Wednesday, 27 November 2013

[ ::: ♥Keep_Mailing♥ ::: ]™ Garden, Grass and Garbage




By Junaid Tahir

There is a garden near the place I live. My kids enjoy playing there. The garden service team trims the grass every 3-4 weeks. When the grass is trimmed it looks so lively, lovely and fresh. Kids enjoy and spend more time in the garden. After 2 weeks or so, the grass starts getting taller and turning yellow. This makes the garden unattractive. Also I noticed that the day grass is trimmed and someone throws a cigarette box or any other garbage it looks extremely bad however when the grass is taller and someone throws something, it's hardly visible.

If I consider the grass as human brain and the grass as negative thoughts and cigarette box as stress then I learn a very good moral from this analogy. Let me explain this: When I don't have any negative thoughts and stress I have a beautiful, powerful and fresh mind offering great services to the society, family and all humanity.
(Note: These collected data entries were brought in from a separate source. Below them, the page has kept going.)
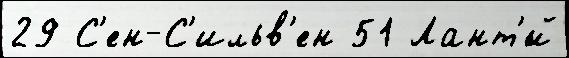
29 С'ен-С'ильв'ен 51 Лант'́й
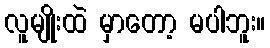
လူမျိုးထဲ မှာတော့ မပါဘူး။
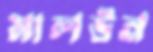
মালউন
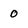
Character: o
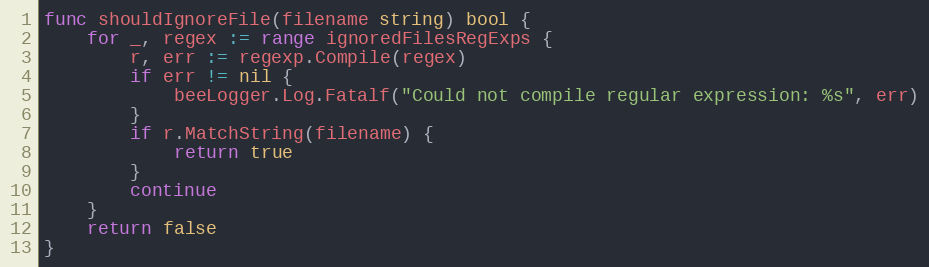
Language: Go
func shouldIgnoreFile(filename string) bool {
	for _, regex := range ignoredFilesRegExps {
		r, err := regexp.Compile(regex)
		if err != nil {
			beeLogger.Log.Fatalf("Could not compile regular expression: %s", err)
		}
		if r.MatchString(filename) {
			return true
		}
		continue
	}
	return false
}
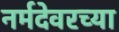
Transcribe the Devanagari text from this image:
नर्मदेवरच्या
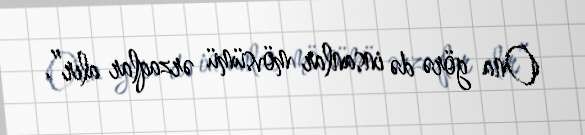
Ona görə də insanlar mövsümü ərzaqlar alır”.
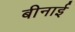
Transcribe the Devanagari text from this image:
बीनाई
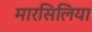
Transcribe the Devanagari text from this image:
मारसिलिया
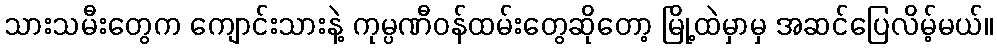
သားသမီးတွေက ကျောင်းသားနဲ့ ကုမ္ပဏီဝန်ထမ်းတွေဆိုတော့ မြို့ထဲမှာမှ အဆင်ပြေလိမ့်မယ်။
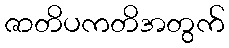
ဇာတိပကတိအတွက်
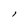
Character: 1
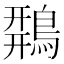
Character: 𪂍
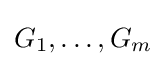
G_{1},\dots ,G_{m}
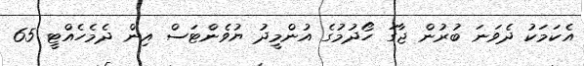
އެކަމަކު ދެވަނަ ބުރުން ޖާގަ ހޯދުމުގެ އުންމީދު ޔުވެންޓަސް އިން ދެމެހެއްޓީ 65
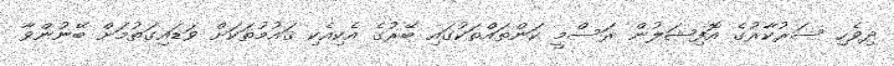
ދިވެހި ސަރުކާރުގެ އޮފިޝަލުން ރަސްމީ ކަންތައްތަކުގައި ބޭރުގެ އެކިއެކި ޤައުމުތަކަށް ވަޑައިގަތުމަށް ބޭނުންވާ
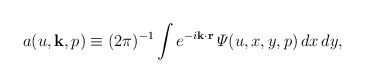
\begin{align*}a(u,{\bf k},p)\equiv(2\pi)^{-1}\int e^{-i{\bf k\cdot r}}\,{\mit\Psi}(u,x,y,p)\,dx\,dy,\end{align*}
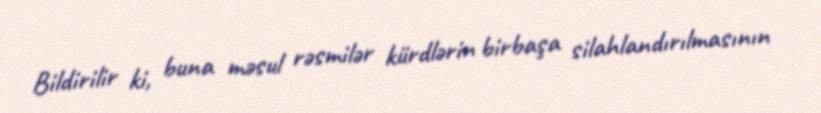
Bildirilir ki, buna məsul rəsmilər kürdlərin birbaşa silahlandırılmasının
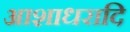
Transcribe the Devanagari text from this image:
आशाधरादि
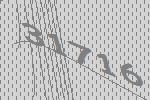
31716
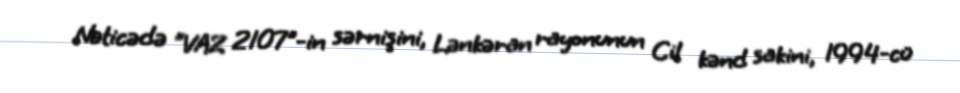
Nəticədə "VAZ 2107"-in sərnişini, Lənkəran rayonunun Cil kənd sakini, 1994-cü
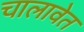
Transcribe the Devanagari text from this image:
चालावेत
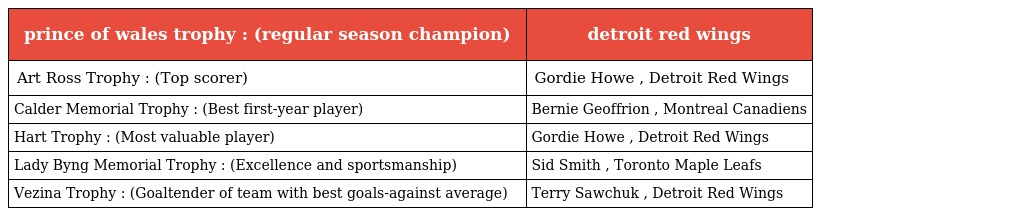
| prince of wales trophy : (regular season champion) | detroit red wings |
 | --- | --- |
 | Art Ross Trophy : (Top scorer) | Gordie Howe , Detroit Red Wings |
 | Calder Memorial Trophy : (Best first-year player) | Bernie Geoffrion , Montreal Canadiens |
 | Hart Trophy : (Most valuable player) | Gordie Howe , Detroit Red Wings |
 | Lady Byng Memorial Trophy : (Excellence and sportsmanship) | Sid Smith , Toronto Maple Leafs |
 | Vezina Trophy : (Goaltender of team with best goals-against average) | Terry Sawchuk , Detroit Red Wings |
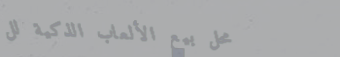
محل بيع الألعاب الذكية لل
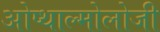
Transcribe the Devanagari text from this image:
ओप्थाल्मोलोजी
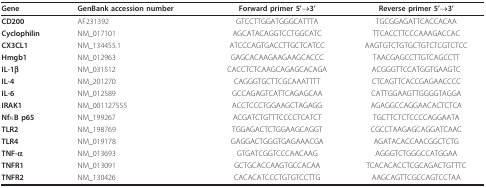
<table><thead><tr><td><b>Gene</b></td><td><b>GenBank accession number</b></td><td><b>Forward primer 5&#x27;→3&#x27;</b></td><td><b>Reverse primer 5&#x27;→3&#x27;</b></td></tr></thead><tbody><tr><td><b>CD200</b></td><td>AF231392</td><td>GTCCTTGGATGGGCATTTA</td><td>TGCGGAGATTCACCACAA</td></tr><tr><td><b>Cyclophilin</b></td><td>NM_017101</td><td>AGCATACAGGTCCTGGCATC</td><td>TTCACCTTCCCAAAGACCAC</td></tr><tr><td><b>CX3CL1</b></td><td>NM_134455.1</td><td>ATCCCAGTGACCTTGCTCATCC</td><td>AAGTGTCTGTGCTGTCTCGTCTCC</td></tr><tr><td><b>Hmgb1</b></td><td>NM_012963</td><td>GAGCACAAGAAGAAGCACCC</td><td>TAACGAGCCTTGTCAGCCTT</td></tr><tr><td><b>IL-1β</b></td><td>NM_031512</td><td>CACCTCTCAAGCAGAGCACAGA</td><td>ACGGGTTCCATGGTGAAGTC</td></tr><tr><td><b>IL-4</b></td><td>NM_201270</td><td>CAGGGTGCTTCGCAAATTTT</td><td>CTCAGTTCACCGAGAACCCC</td></tr><tr><td><b>IL-6</b></td><td>NM_012589</td><td>GCCAGAGTCATTCAGAGCAA</td><td>CATTGGAAGTTGGGGTAGGA</td></tr><tr><td><b>IRAK1</b></td><td>NM_001127555</td><td>ACCTCCCTGGAAGCTAGAGG</td><td>AGAGGCCAGGAACACTCTCA</td></tr><tr><td><b>NfκB p65</b></td><td>NM_199267</td><td>ACGATCTGTTTCCCCTCATCT</td><td>TGCTTCTCTCCCCAGGAATA</td></tr><tr><td><b>TLR2</b></td><td>NM_198769</td><td>TGGAGACTCTGGAAGCAGGT</td><td>CGCCTAAGAGCAGGATCAAC</td></tr><tr><td><b>TLR4</b></td><td>NM_019178</td><td>GAGGACTGGGTGAGAAACGA</td><td>AGATACACCAACGGCTCTG</td></tr><tr><td><b>TNF-α</b></td><td>NM_013693</td><td>GTGATCGGTCCCAACAAG</td><td>AGGGTCTGGGCCATGGAA</td></tr><tr><td><b>TNFR1</b></td><td>NM_013091</td><td>GCTGCACCAAGTGCCACAA</td><td>TCACACACCTCGCAGACTGTTTC</td></tr><tr><td><b>TNFR2</b></td><td>NM_130426</td><td>CACACATCCCTGTGTCCTTG</td><td>AAGCAGTTCGCCAGTCCTAA</td></tr></tbody></table>
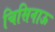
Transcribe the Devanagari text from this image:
चिसिनाऊ
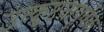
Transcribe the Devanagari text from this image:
उत्कृष्टतापूर्वक
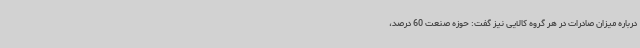
درباره میزان صادرات در هر گروه کالایی نیز گفت: حوزه صنعت 60 درصد،
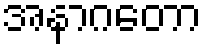
အနာဂတော
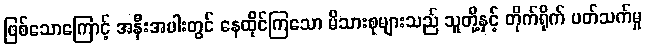
ဖြစ်သောကြောင့် အနီးအပါးတွင် နေထိုင်ကြသော မိသားစုများသည် သူတို့နှင့် တိုက်ရိုက် ပတ်သက်မှု
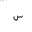
Letter: _sin
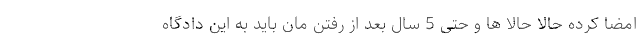
امضا کرده حالا حالا ها و حتی 5 سال بعد از رفتن مان باید به این دادگاه
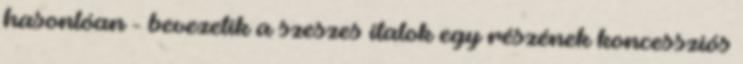
hasonlóan - bevezetik a szeszes italok egy részének koncessziós
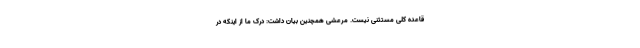
قاعده کلی مستثنی نیست. مرعشی همچنین بیان داشت: درک ما از اینکه در
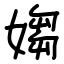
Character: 媰
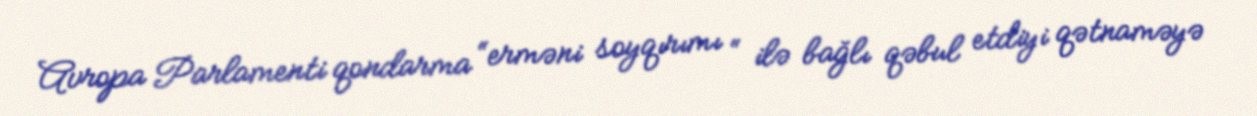
Avropa Parlamenti qondarma “erməni soyqırımı “ ilə bağlı qəbul etdiyi qətnaməyə
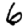
Digit: 6
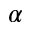
\alpha
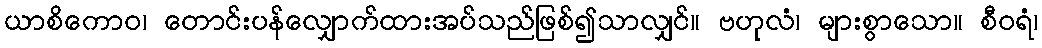
ယာစိကောဝ၊ တောင်းပန်လျှောက်ထားအပ်သည်ဖြစ်၍သာလျှင်။ ဗဟုလံ၊ များစွာသော။ စီဝရံ၊
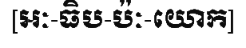
[អៈ-ធិប-ប៉ៈ-យោក]
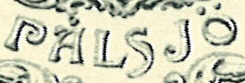
PALSJO

However if I have negative thoughts (and in turn negative behavior) I start becoming the point of concern for the society, family, friends and colleagues. And when I have too many negative thoughts, I start nourishing roots of stress even if I don't know about it, just like the cigarette box not visible when grass is tall. Hence it is recommended to 'trim the grass' quite often. In my analogy, trimming the grass means to throw away unnecessary thoughts  and clean the mind from such garbage. When I have a clean mind (like trimmed grass), I can easily identify the roots of stress (cigarette box in trimmed grass) and easily handle the situation with my analytical skills eventually making my life more beautiful.  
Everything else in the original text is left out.